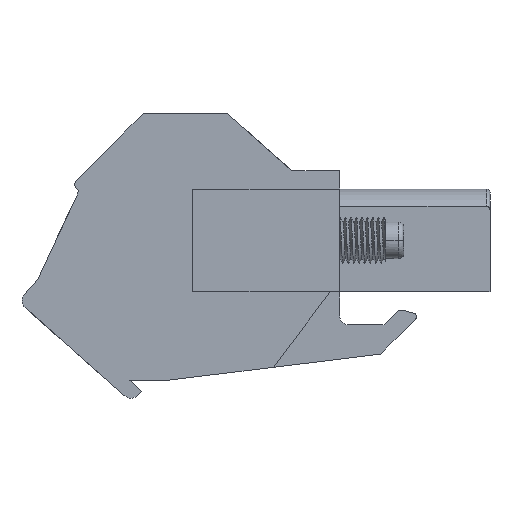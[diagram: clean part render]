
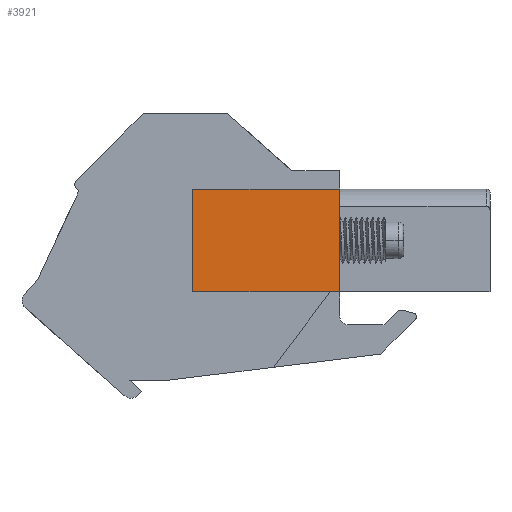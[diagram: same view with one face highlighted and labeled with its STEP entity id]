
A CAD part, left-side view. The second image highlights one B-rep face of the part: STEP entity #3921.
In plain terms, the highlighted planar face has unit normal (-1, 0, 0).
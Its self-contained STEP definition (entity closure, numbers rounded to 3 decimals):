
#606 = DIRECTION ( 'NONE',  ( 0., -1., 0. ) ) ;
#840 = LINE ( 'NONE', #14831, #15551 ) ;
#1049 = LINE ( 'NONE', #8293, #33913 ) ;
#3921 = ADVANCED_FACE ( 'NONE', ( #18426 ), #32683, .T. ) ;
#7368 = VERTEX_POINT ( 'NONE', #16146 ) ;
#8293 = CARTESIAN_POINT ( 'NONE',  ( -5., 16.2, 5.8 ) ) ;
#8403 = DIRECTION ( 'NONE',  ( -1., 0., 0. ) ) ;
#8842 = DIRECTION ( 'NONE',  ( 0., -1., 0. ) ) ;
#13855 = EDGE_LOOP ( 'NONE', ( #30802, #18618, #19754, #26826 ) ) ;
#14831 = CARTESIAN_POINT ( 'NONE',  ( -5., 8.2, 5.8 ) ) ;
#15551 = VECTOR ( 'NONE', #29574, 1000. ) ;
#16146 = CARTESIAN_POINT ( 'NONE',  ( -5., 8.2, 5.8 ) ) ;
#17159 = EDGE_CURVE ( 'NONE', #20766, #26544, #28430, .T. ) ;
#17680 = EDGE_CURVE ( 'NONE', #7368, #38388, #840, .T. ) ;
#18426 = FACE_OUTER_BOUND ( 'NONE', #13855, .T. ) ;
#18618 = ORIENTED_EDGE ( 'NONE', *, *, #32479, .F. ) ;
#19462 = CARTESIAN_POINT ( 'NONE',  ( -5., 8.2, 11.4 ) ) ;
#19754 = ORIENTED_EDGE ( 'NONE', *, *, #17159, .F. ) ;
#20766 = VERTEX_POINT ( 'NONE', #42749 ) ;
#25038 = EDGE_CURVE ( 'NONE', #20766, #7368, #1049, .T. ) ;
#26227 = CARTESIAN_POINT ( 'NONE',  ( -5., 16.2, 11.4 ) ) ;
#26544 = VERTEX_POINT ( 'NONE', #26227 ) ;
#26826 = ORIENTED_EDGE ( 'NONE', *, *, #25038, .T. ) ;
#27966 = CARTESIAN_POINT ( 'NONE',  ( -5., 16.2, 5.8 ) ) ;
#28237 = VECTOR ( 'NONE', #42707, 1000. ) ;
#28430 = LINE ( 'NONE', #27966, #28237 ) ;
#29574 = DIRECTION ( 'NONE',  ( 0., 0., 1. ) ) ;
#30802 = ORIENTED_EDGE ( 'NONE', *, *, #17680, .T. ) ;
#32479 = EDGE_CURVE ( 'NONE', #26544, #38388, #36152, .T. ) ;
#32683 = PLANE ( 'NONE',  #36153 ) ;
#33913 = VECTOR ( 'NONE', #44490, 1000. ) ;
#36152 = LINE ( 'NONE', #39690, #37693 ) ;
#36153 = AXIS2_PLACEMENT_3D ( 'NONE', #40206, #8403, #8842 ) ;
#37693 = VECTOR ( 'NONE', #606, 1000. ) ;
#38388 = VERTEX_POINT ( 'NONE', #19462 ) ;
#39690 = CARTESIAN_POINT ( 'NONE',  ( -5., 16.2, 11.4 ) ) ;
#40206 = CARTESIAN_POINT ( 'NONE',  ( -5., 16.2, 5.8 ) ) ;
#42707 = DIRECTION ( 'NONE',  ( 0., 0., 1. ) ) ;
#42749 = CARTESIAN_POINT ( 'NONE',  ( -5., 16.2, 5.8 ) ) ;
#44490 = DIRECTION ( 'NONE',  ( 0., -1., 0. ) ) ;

* _How to complete this task_:
Exact duplication is required for the lines above, from the line that contains "#33913 = VECTOR ( 'NONE', #44490, 1000. ) ;" to the line that contains "#40206 = CARTESIAN_POINT", inclusive; omit all others.

* _Expected answer_:
#33913 = VECTOR ( 'NONE', #44490, 1000. ) ;
#36152 = LINE ( 'NONE', #39690, #37693 ) ;
#36153 = AXIS2_PLACEMENT_3D ( 'NONE', #40206, #8403, #8842 ) ;
#37693 = VECTOR ( 'NONE', #606, 1000. ) ;
#38388 = VERTEX_POINT ( 'NONE', #19462 ) ;
#39690 = CARTESIAN_POINT ( 'NONE',  ( -5., 16.2, 11.4 ) ) ;
#40206 = CARTESIAN_POINT ( 'NONE',  ( -5., 16.2, 5.8 ) ) ;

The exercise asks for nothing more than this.